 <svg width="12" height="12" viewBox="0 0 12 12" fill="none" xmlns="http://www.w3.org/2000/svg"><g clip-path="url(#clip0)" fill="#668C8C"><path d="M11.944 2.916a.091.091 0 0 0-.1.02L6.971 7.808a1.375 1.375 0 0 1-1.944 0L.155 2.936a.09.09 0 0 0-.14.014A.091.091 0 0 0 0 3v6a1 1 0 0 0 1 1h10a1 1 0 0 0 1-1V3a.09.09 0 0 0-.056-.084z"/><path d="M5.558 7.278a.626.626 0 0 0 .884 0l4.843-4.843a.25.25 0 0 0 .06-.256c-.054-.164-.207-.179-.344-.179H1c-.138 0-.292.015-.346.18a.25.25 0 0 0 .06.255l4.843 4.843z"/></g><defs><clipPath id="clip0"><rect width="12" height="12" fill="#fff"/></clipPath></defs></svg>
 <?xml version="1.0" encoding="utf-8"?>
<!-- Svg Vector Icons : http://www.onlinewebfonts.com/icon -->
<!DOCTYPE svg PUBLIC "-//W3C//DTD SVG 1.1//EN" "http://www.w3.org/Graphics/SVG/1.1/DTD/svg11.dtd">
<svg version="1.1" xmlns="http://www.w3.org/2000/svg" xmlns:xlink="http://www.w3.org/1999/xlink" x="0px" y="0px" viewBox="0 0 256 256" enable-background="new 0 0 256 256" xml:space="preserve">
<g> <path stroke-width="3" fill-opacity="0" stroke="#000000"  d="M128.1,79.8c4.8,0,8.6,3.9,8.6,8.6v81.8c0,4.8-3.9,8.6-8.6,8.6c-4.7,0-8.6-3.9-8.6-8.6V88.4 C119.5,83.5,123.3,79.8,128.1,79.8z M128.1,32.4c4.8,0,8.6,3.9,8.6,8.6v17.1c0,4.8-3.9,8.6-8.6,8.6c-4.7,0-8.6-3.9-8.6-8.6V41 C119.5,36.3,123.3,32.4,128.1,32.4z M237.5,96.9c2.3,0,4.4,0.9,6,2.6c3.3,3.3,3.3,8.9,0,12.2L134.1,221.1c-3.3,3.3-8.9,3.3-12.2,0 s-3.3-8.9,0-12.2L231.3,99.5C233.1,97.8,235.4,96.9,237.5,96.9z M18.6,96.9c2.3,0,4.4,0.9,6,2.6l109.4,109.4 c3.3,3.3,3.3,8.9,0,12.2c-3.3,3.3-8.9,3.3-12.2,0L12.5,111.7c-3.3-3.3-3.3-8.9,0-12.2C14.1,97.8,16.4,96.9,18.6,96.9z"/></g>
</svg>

The problem: Having read the material, set all of it down again without a single difference.

Response area:
 <svg width="12" height="12" viewBox="0 0 12 12" fill="none" xmlns="http://www.w3.org/2000/svg"><g clip-path="url(#clip0)" fill="#668C8C"><path d="M11.944 2.916a.091.091 0 0 0-.1.02L6.971 7.808a1.375 1.375 0 0 1-1.944 0L.155 2.936a.09.09 0 0 0-.14.014A.091.091 0 0 0 0 3v6a1 1 0 0 0 1 1h10a1 1 0 0 0 1-1V3a.09.09 0 0 0-.056-.084z"/><path d="M5.558 7.278a.626.626 0 0 0 .884 0l4.843-4.843a.25.25 0 0 0 .06-.256c-.054-.164-.207-.179-.344-.179H1c-.138 0-.292.015-.346.18a.25.25 0 0 0 .06.255l4.843 4.843z"/></g><defs><clipPath id="clip0"><rect width="12" height="12" fill="#fff"/></clipPath></defs></svg>
 <?xml version="1.0" encoding="utf-8"?>
<!-- Svg Vector Icons : http://www.onlinewebfonts.com/icon -->
<!DOCTYPE svg PUBLIC "-//W3C//DTD SVG 1.1//EN" "http://www.w3.org/Graphics/SVG/1.1/DTD/svg11.dtd">
<svg version="1.1" xmlns="http://www.w3.org/2000/svg" xmlns:xlink="http://www.w3.org/1999/xlink" x="0px" y="0px" viewBox="0 0 256 256" enable-background="new 0 0 256 256" xml:space="preserve">
<g> <path stroke-width="3" fill-opacity="0" stroke="#000000"  d="M128.1,79.8c4.8,0,8.6,3.9,8.6,8.6v81.8c0,4.8-3.9,8.6-8.6,8.6c-4.7,0-8.6-3.9-8.6-8.6V88.4 C119.5,83.5,123.3,79.8,128.1,79.8z M128.1,32.4c4.8,0,8.6,3.9,8.6,8.6v17.1c0,4.8-3.9,8.6-8.6,8.6c-4.7,0-8.6-3.9-8.6-8.6V41 C119.5,36.3,123.3,32.4,128.1,32.4z M237.5,96.9c2.3,0,4.4,0.9,6,2.6c3.3,3.3,3.3,8.9,0,12.2L134.1,221.1c-3.3,3.3-8.9,3.3-12.2,0 s-3.3-8.9,0-12.2L231.3,99.5C233.1,97.8,235.4,96.9,237.5,96.9z M18.6,96.9c2.3,0,4.4,0.9,6,2.6l109.4,109.4 c3.3,3.3,3.3,8.9,0,12.2c-3.3,3.3-8.9,3.3-12.2,0L12.5,111.7c-3.3-3.3-3.3-8.9,0-12.2C14.1,97.8,16.4,96.9,18.6,96.9z"/></g>
</svg>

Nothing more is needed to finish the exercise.